* What to produce: As you print the data below, keep every line exactly as it is and leave the images behind.

* Information supplied:

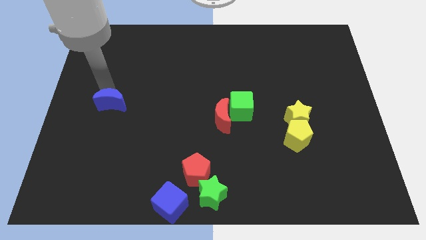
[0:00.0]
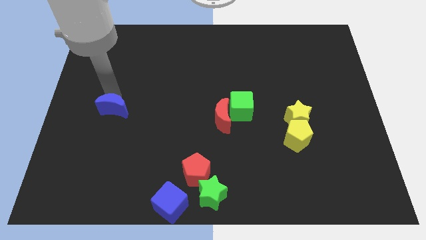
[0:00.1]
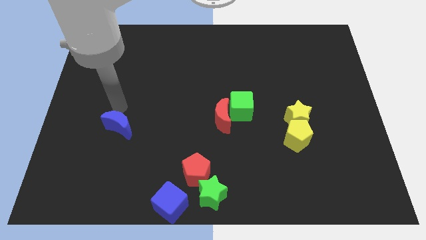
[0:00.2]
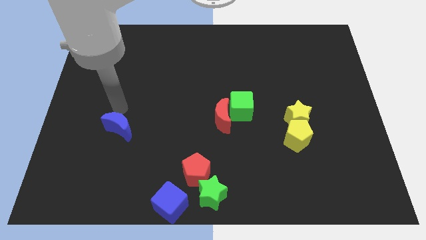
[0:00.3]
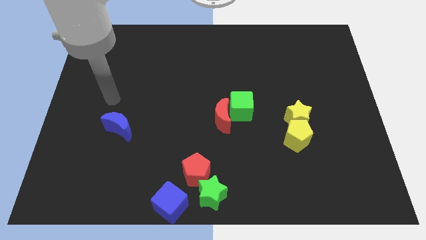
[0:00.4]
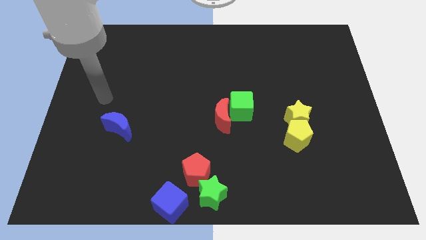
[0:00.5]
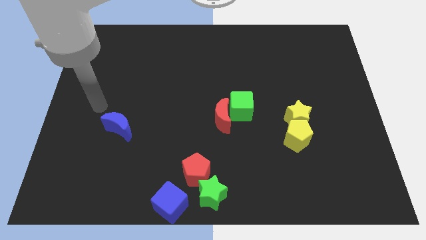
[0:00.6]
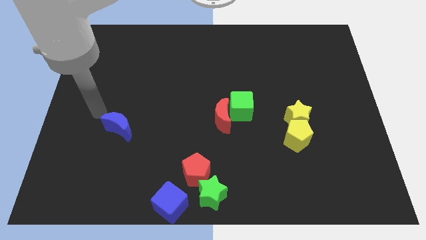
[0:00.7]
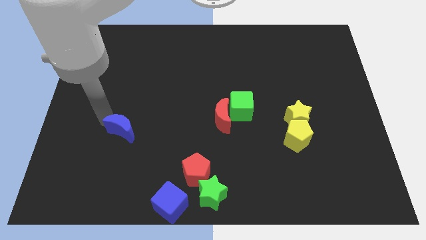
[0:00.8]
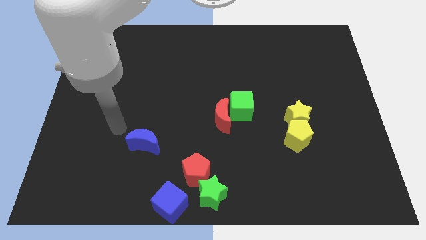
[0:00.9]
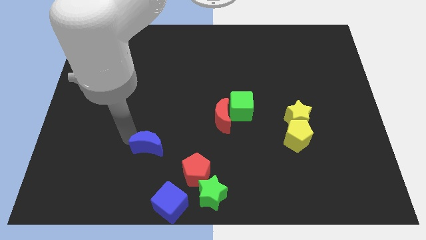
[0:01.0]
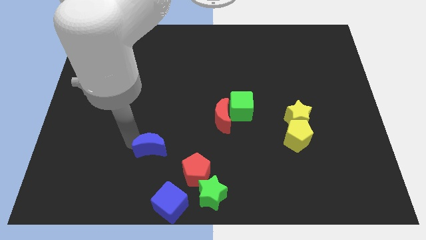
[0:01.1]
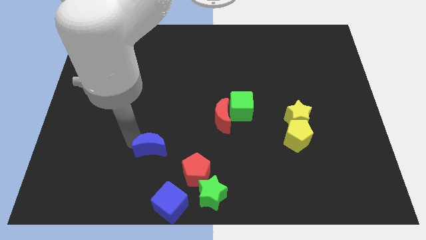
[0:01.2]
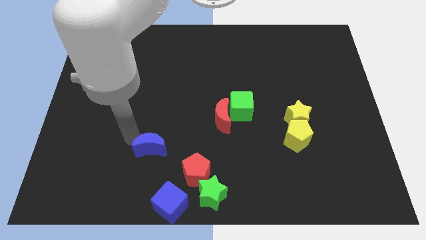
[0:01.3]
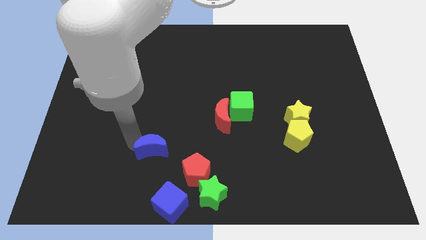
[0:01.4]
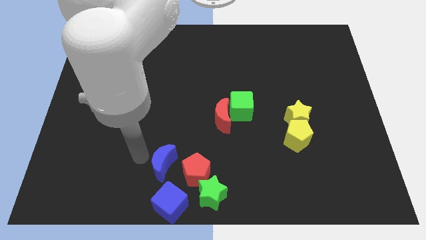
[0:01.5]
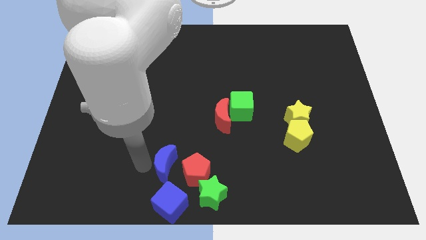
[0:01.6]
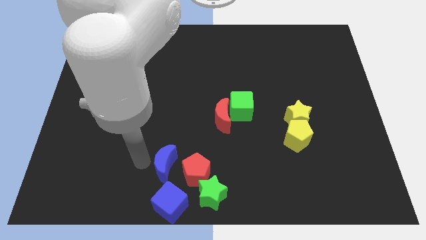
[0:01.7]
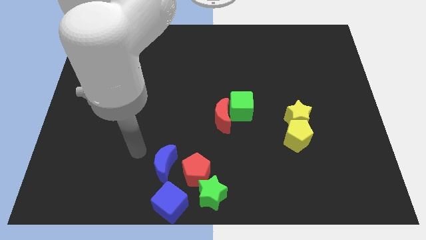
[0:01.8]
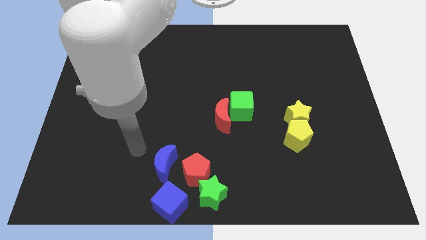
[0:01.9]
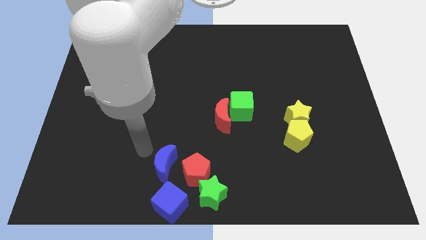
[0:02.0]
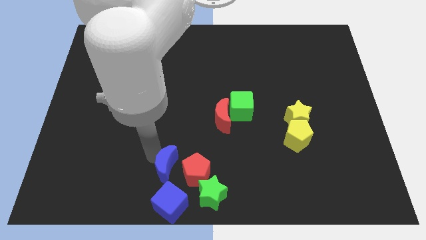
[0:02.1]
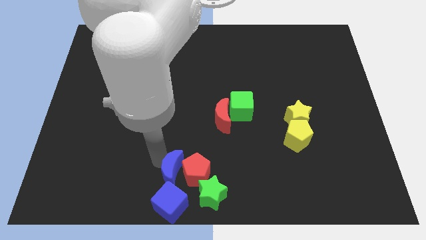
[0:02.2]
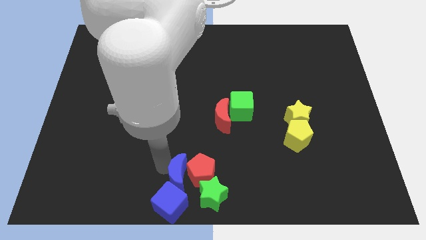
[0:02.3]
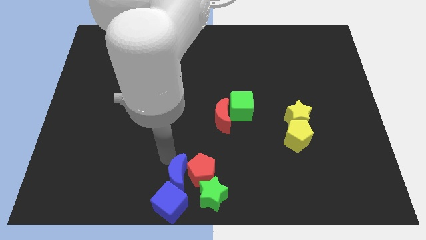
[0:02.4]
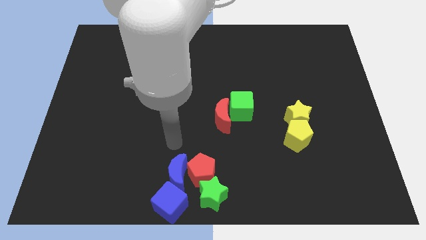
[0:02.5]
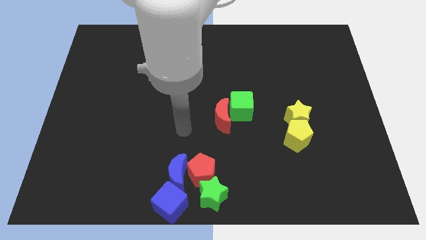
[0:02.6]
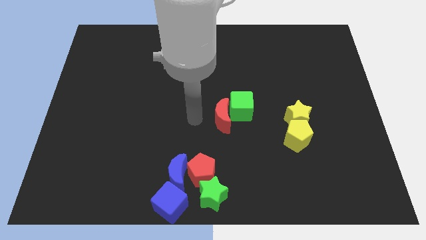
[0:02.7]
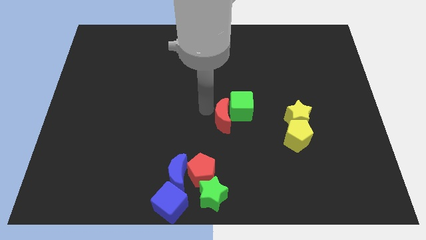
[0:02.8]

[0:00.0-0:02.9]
move the blue crescent into the red pentagon

* Solution:
[0:00.0]
[0:00.1]
[0:00.2]
[0:00.3]
[0:00.4]
[0:00.5]
[0:00.6]
[0:00.7]
[0:00.8]
[0:00.9]
[0:01.0]
[0:01.1]
[0:01.2]
[0:01.3]
[0:01.4]
[0:01.5]
[0:01.6]
[0:01.7]
[0:01.8]
[0:01.9]
[0:02.0]
[0:02.1]
[0:02.2]
[0:02.3]
[0:02.4]
[0:02.5]
[0:02.6]
[0:02.7]
[0:02.8]

[0:00.0-0:02.9]
move the blue crescent into the red pentagon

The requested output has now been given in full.